In the late 1960s and early 1970s, many mass protests were held near the Haight Ashbury neighborhood in San Francisco, which became a center of the “hippie” youth movement, today’s “baby boomers.” Combining anti-war protests with displays of free love (sex without marriage), drug use, drinking and music (mostly folk, rock and jazz), they confirmed that the cause of peace is part of America’s purpose, chanting the well-known slogans “make love not war,” “draft beer not boys,” and “fighting for peace is like fucking for virginity.” Bob Dylan’s “Blowin’ in the Wind” (1963), John Lennon’s “Give Peace a Ch
ance” (1969) and “Imagine” (1971), Black Sabbath’s “War Pigs” (1970), and Cat Stevens’ “Peace Train” (1971) became peace anthems. At concerts and while marching, hippies often held up their middle finger and index in a “V,” the sign for Allied victory in the Second World War and now one of peace worldwide. However, hippies’ radical stances and demonstrations on several issues at once tended to dilute their anti-war and pro-peace messages and alienate those who did not share their other views. Generations since have yet to make such a concerted call to action, maybe because they have seen their parents back-step, maybe because their governments have stopped giving reasons for hope.

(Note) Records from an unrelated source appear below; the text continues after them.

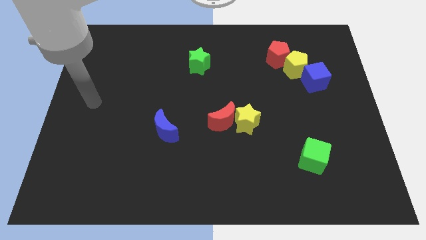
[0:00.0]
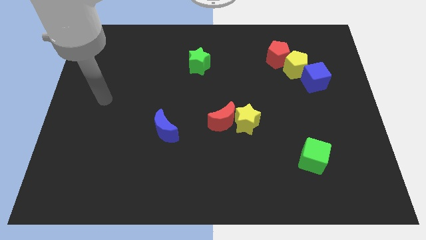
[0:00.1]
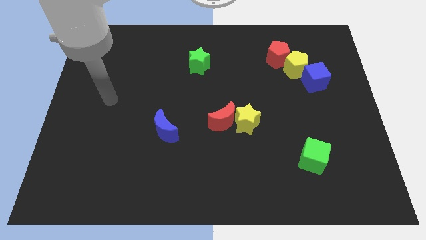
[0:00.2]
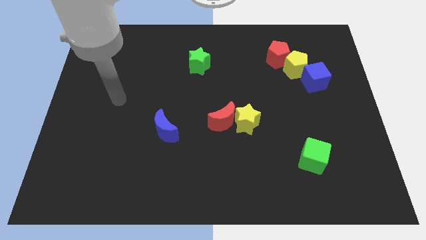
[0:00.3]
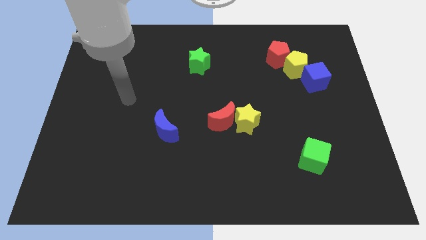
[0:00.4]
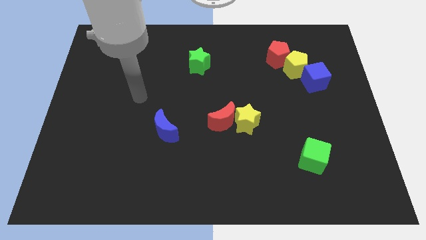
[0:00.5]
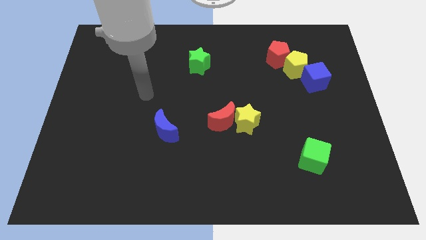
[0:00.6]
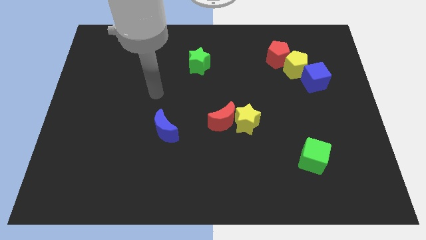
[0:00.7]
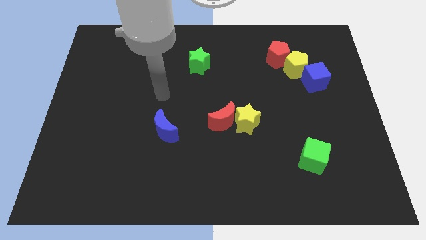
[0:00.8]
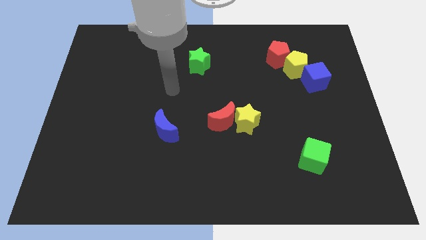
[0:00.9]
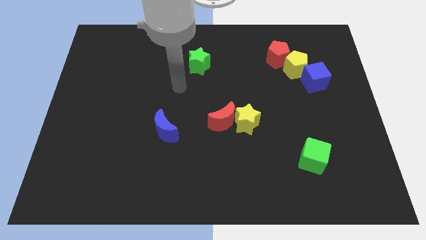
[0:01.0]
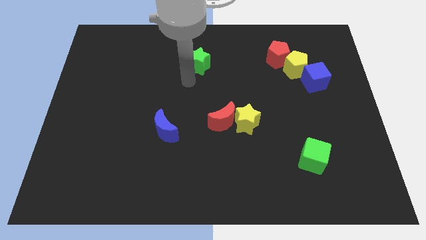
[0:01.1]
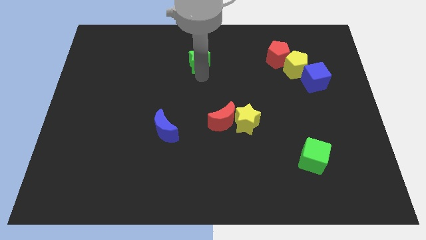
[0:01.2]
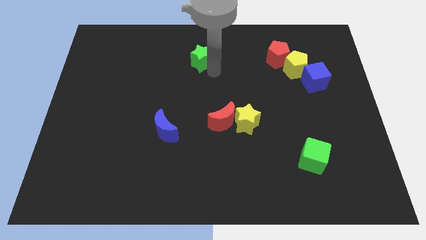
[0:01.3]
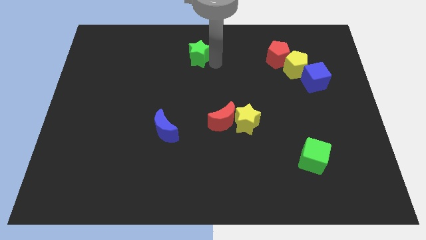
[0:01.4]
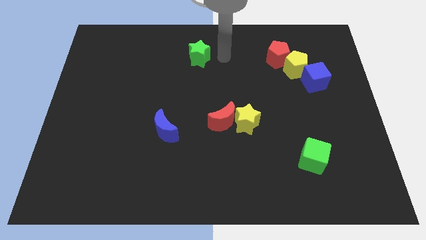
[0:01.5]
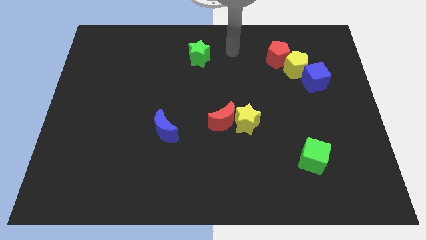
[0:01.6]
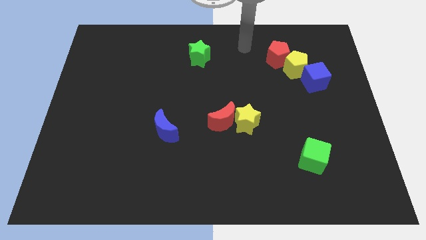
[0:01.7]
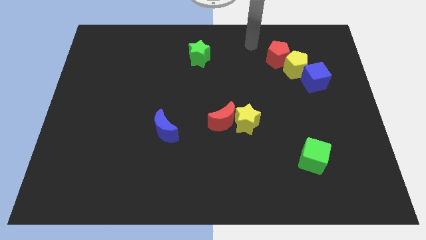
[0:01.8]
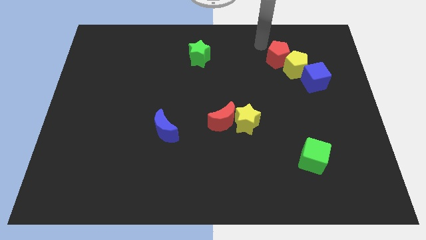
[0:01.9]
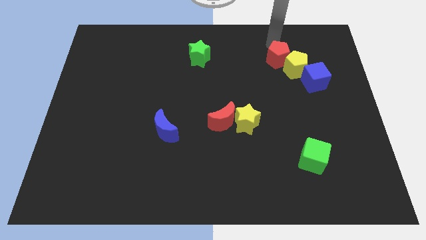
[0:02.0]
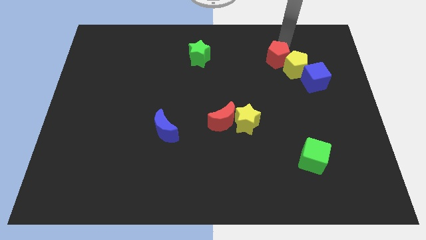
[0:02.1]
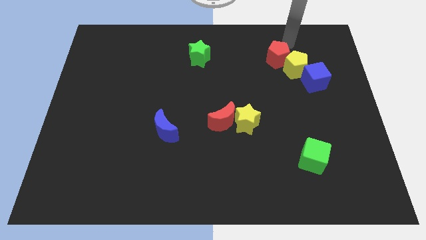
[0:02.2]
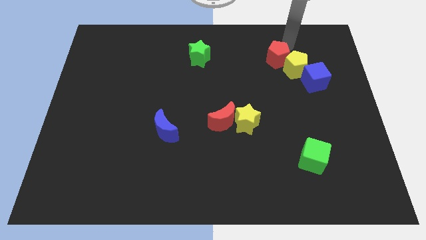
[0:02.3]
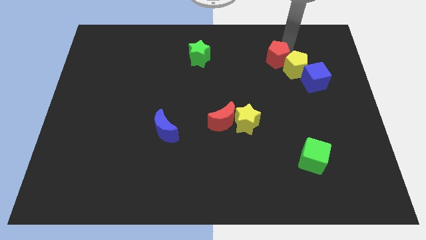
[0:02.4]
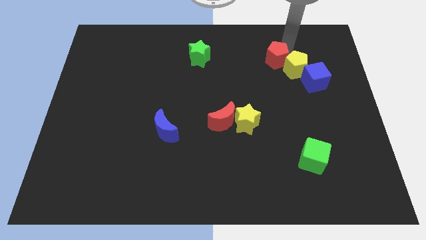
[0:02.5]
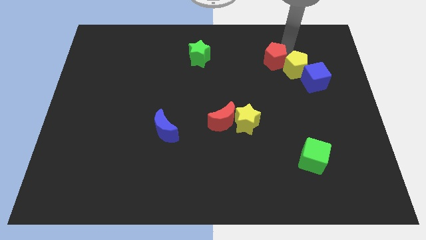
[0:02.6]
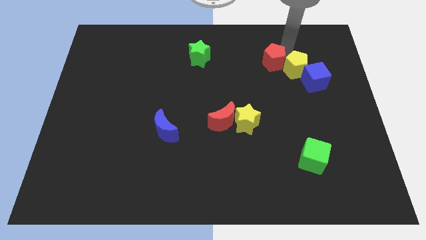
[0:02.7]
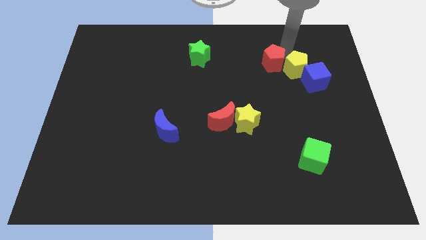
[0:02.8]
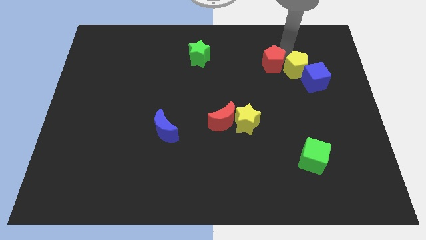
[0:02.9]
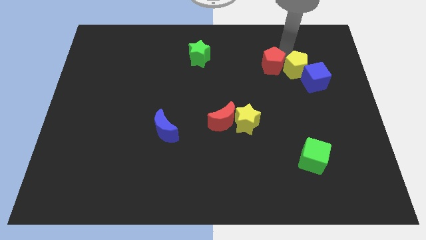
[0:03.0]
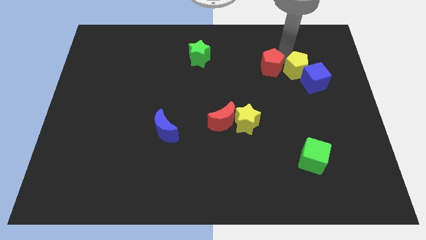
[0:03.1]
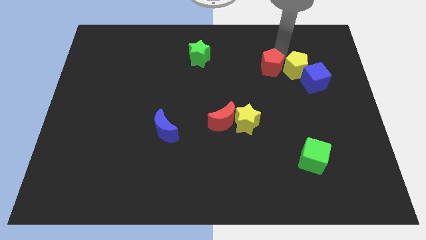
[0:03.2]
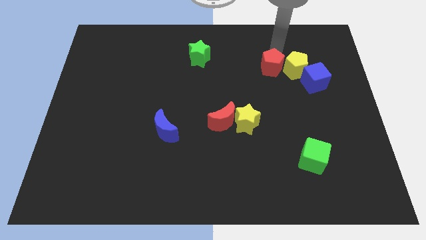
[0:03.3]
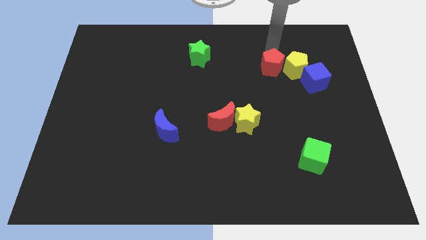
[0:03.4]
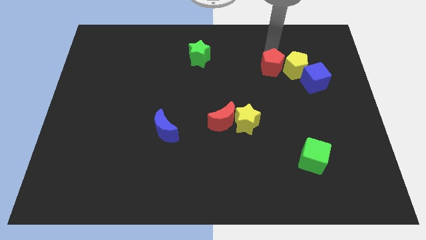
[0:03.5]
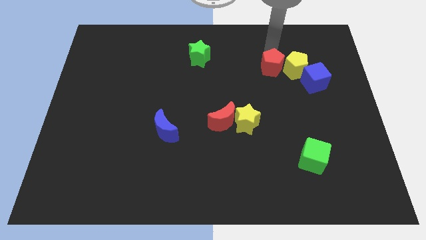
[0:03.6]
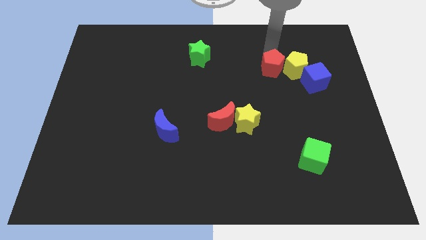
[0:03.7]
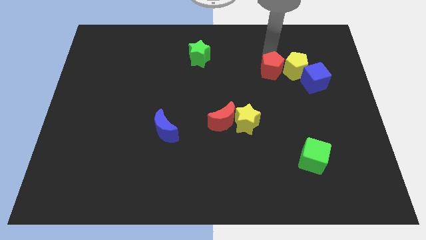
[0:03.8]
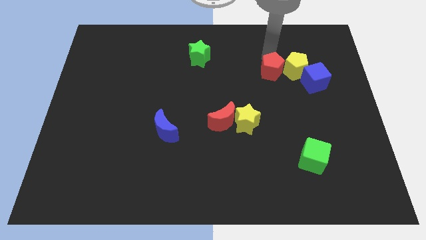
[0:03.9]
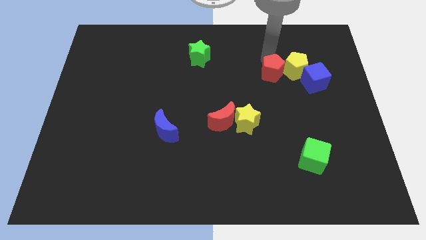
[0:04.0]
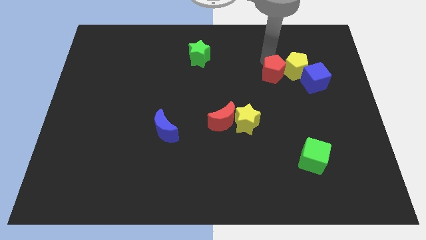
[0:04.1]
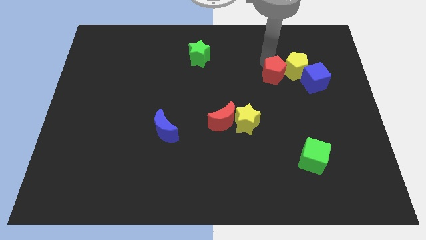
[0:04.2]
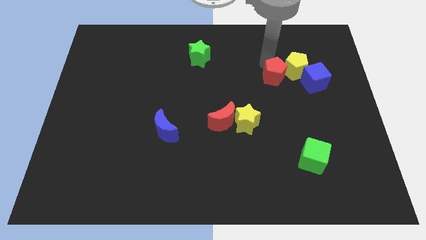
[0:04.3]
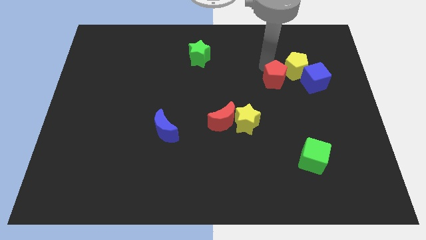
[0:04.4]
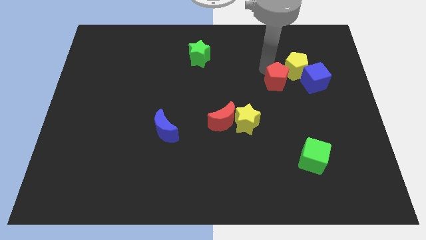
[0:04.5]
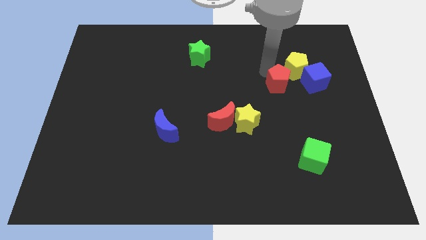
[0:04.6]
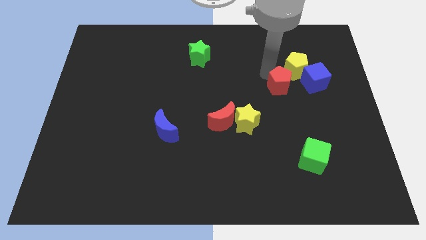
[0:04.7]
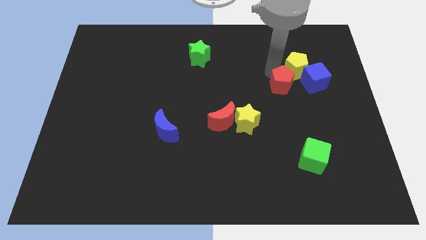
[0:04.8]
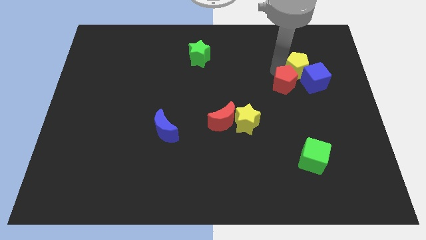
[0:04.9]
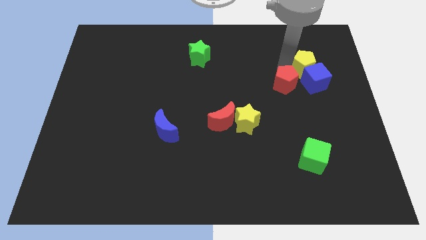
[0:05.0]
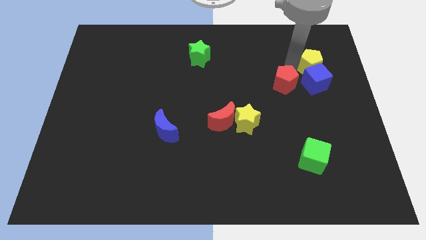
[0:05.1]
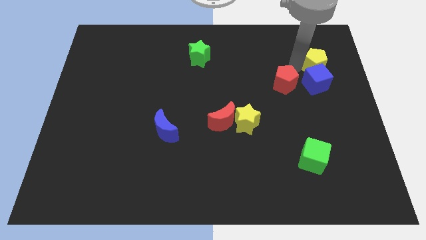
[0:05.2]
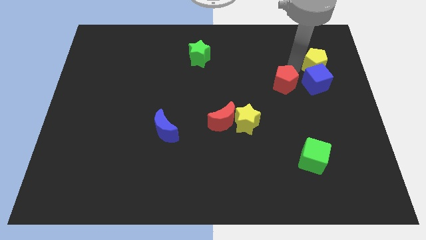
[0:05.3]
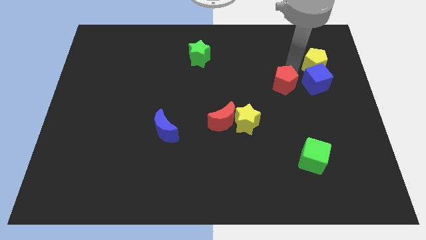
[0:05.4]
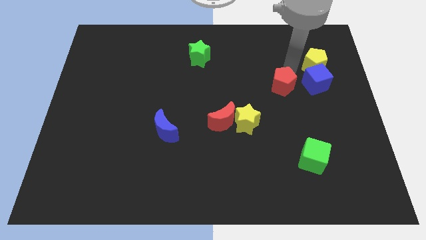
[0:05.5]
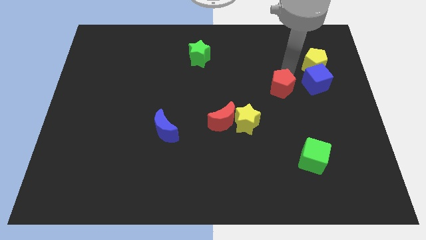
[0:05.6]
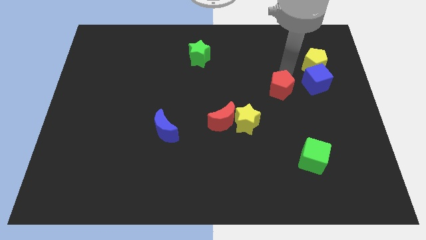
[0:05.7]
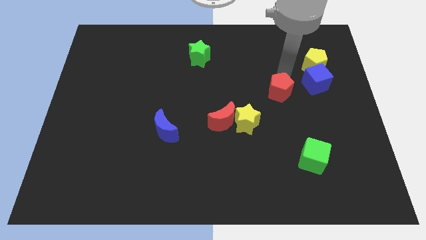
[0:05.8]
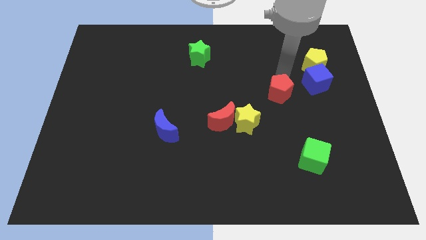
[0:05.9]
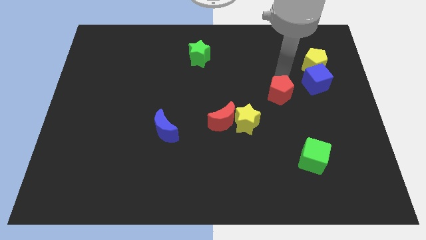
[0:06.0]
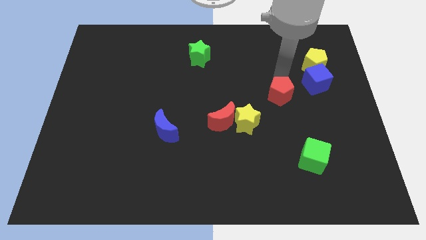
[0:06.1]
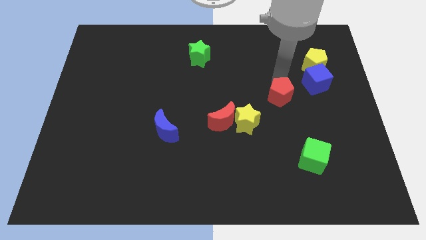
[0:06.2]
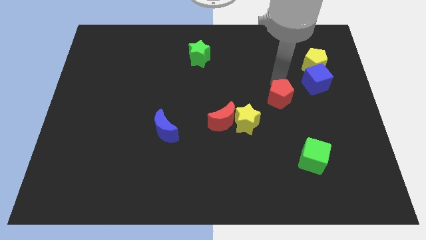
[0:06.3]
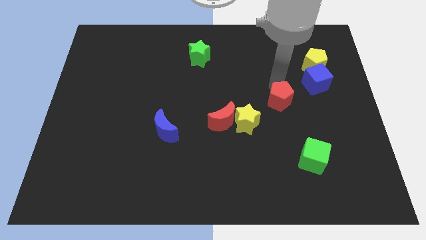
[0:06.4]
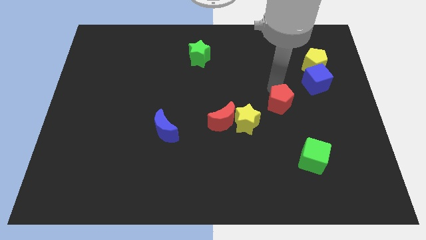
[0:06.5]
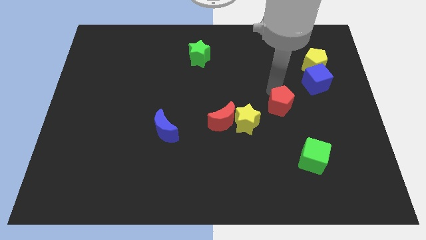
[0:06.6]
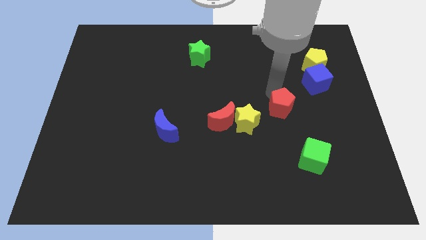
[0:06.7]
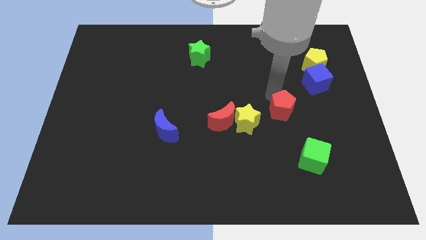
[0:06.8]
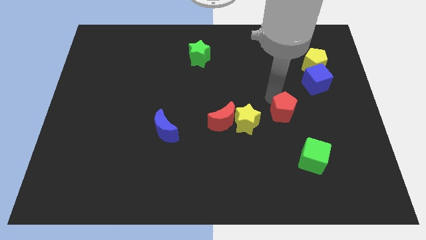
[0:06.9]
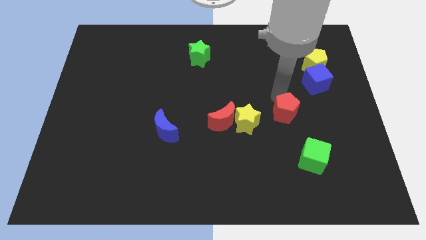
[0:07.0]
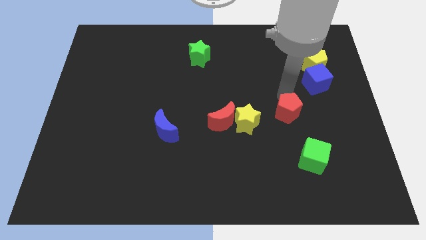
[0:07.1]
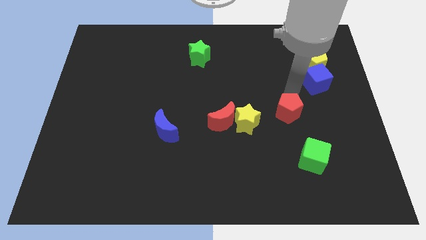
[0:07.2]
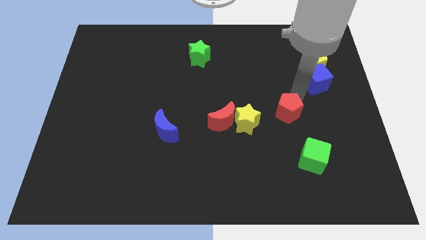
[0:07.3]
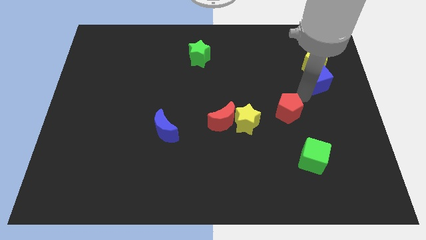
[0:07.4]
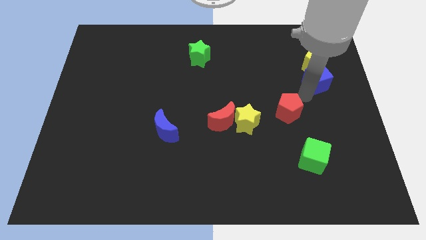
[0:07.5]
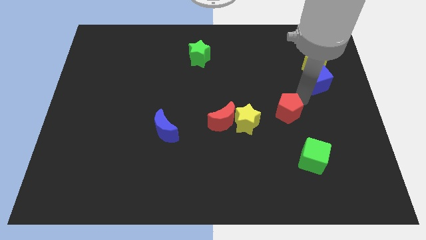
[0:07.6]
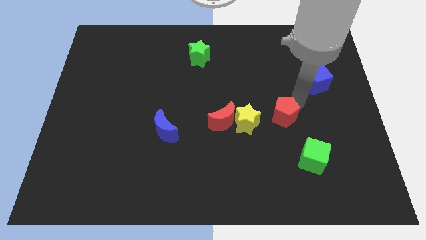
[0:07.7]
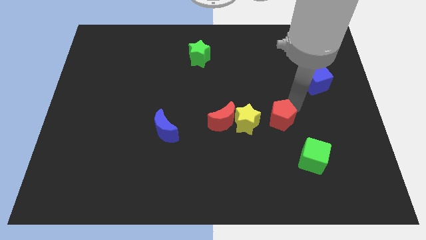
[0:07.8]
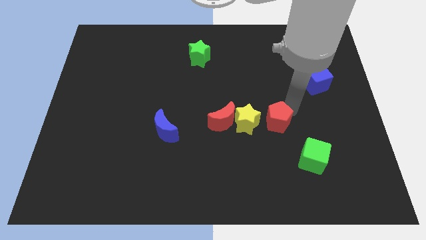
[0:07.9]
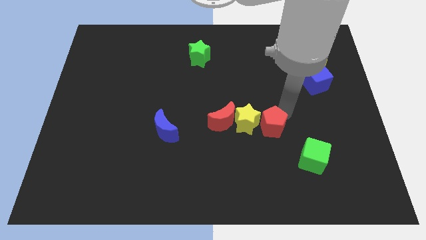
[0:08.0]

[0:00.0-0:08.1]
put the red pentagon to the bottom right of the yellow star

After the end of the Korean War and before Vietnam, the superpowers entered into what is known as a détente, from the French for “relaxation,” of Cold War political tensions. USSR Premier Nikita Khrushchev and US President John F. Kennedy improved relations, encouraged disarmament and promoted peace initiatives, turning the ongoing arms race into a short race for peace. In 1959, Khrushchev gave a speech at the UN suggesting peace through disarmament, and the next day a Declaration of the Soviet Government on General and Complete Disarmament was filed, which opened the way to an agreement on the use and testing of nuclear weapons in Antarctica. A Disarmament Administration was created within the US Department of State and, with its Soviet counterpart, presented a Joint Statement of Agreed Principles for Disarmament Negotiations, in which they agreed to “multilateral negotiations on disarmament and to call upon other States to cooperate in reaching early agreement on general and complete disarmament in a peaceful world.”8 Kennedy then gave a speech at the UN in which he famously pronounced “Mankind must put an end to war – or war will put an end to mankind.”9 On his suggestion, negotiations resulting in the Treaty Banning Nuclear Weapon Tests began, broken by both sides within years of it taking effect. In 1962, the USSR put forth a plan for UN consideration calling for complete disarmament, and a month later the US presented a rival plan. Close to reaching a final agreement, negotiations were derailed by the Cuban Missile Crisis, ending the détente and halting concerted political efforts towards disarmament.